━━━━━ MATERIAL PROVIDED

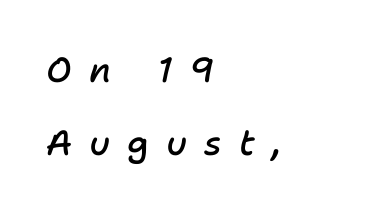
Q: Is the text bold? A: Semi-bold.
Q: Is the text italic (slanted)? A: Yes, it leans right by about 11 degrees.
Q: Is the text underlined? A: No.
Q: How is the paragraph aligned? A: Left-aligned.
Q: Is the spacing between letters normal or unusually wide? A: Unusually wide.
Q: Is the spacing between lines tight, normal or loose? A: Loose.
Q: Width (condensed, normal, or wide)? A: Normal.
Q: Stroke contrast? A: Low.
Q: x-height? A: Medium.
Q: Monospaced? A: No.
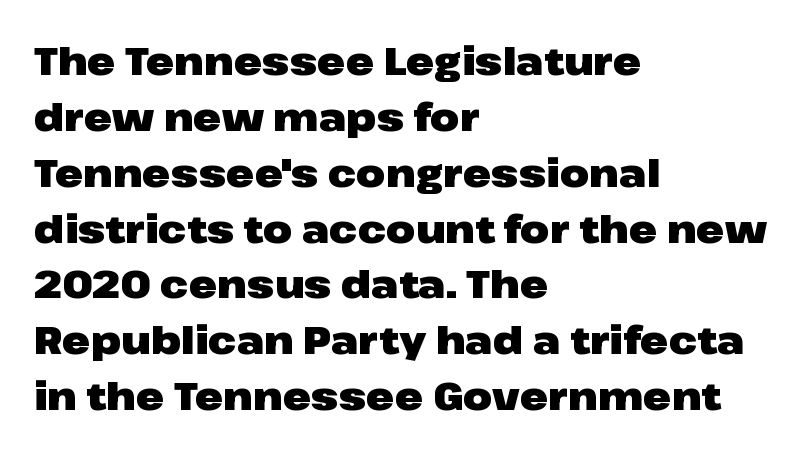
The image shows 38 px heavy, wide sans-serif type, upright; set left-aligned, normal line spacing (1.47x), normal letter spacing, not underlined; low stroke contrast and a medium x-height.
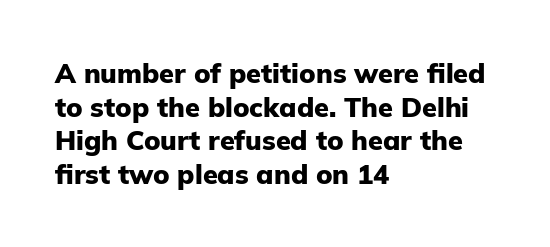
The image shows 27 px bold type, upright; set left-aligned, normal line spacing (1.25x), normal letter spacing, not underlined.
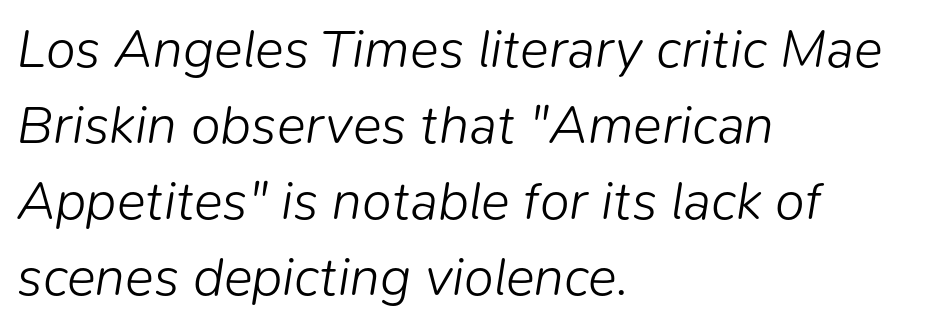
The image shows 54 px light type, italic (leaning right); set left-aligned, normal line spacing (1.41x), normal letter spacing, not underlined; low stroke contrast and a medium x-height.
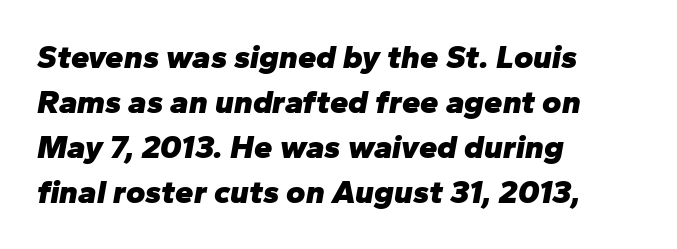
Decoration check: the copy has no underline. Interline gaps are of average width in this sample. Proportional: the letters do not fall into vertical columns. The strokes are fattened all the way to bold. The tracking reads as untouched default to a designer's eye.
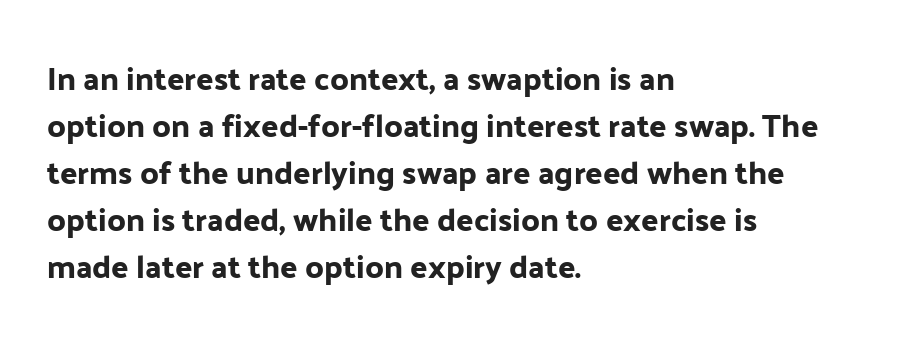
Q: Is the text italic (slanted)? A: No, it is upright.
Q: Is the typeface a serif or a sans-serif typeface? A: Sans-serif.
Q: Is the text underlined? A: No.
Q: How is the paragraph aligned? A: Left-aligned.
Q: Is the spacing between letters normal or unusually wide? A: Normal.
Q: Is the spacing between lines tight, normal or loose? A: Normal.
Q: Width (condensed, normal, or wide)? A: Normal.
Q: Stroke contrast? A: Low.
Q: x-height? A: Medium.
Q: Monospaced? A: No.

━━━━━━━━━━

Only the records, copied exactly and free of pictures, belong in the answer.

• _RESPONSE FOR THIS EXERCISE_:
Q: Is the text bold? A: Semi-bold.
Q: Is the text italic (slanted)? A: Yes, it leans right by about 11 degrees.
Q: Is the text underlined? A: No.
Q: How is the paragraph aligned? A: Left-aligned.
Q: Is the spacing between letters normal or unusually wide? A: Unusually wide.
Q: Is the spacing between lines tight, normal or loose? A: Loose.
Q: Width (condensed, normal, or wide)? A: Normal.
Q: Stroke contrast? A: Low.
Q: x-height? A: Medium.
Q: Monospaced? A: No.
The image shows 38 px heavy, wide sans-serif type, upright; set left-aligned, normal line spacing (1.47x), normal letter spacing, not underlined; low stroke contrast and a medium x-height.
The image shows 27 px bold type, upright; set left-aligned, normal line spacing (1.25x), normal letter spacing, not underlined.
The image shows 54 px light type, italic (leaning right); set left-aligned, normal line spacing (1.41x), normal letter spacing, not underlined; low stroke contrast and a medium x-height.
Decoration check: the copy has no underline. Interline gaps are of average width in this sample. Proportional: the letters do not fall into vertical columns. The strokes are fattened all the way to bold. The tracking reads as untouched default to a designer's eye.
Q: Is the text italic (slanted)? A: No, it is upright.
Q: Is the typeface a serif or a sans-serif typeface? A: Sans-serif.
Q: Is the text underlined? A: No.
Q: How is the paragraph aligned? A: Left-aligned.
Q: Is the spacing between letters normal or unusually wide? A: Normal.
Q: Is the spacing between lines tight, normal or loose? A: Normal.
Q: Width (condensed, normal, or wide)? A: Normal.
Q: Stroke contrast? A: Low.
Q: x-height? A: Medium.
Q: Monospaced? A: No.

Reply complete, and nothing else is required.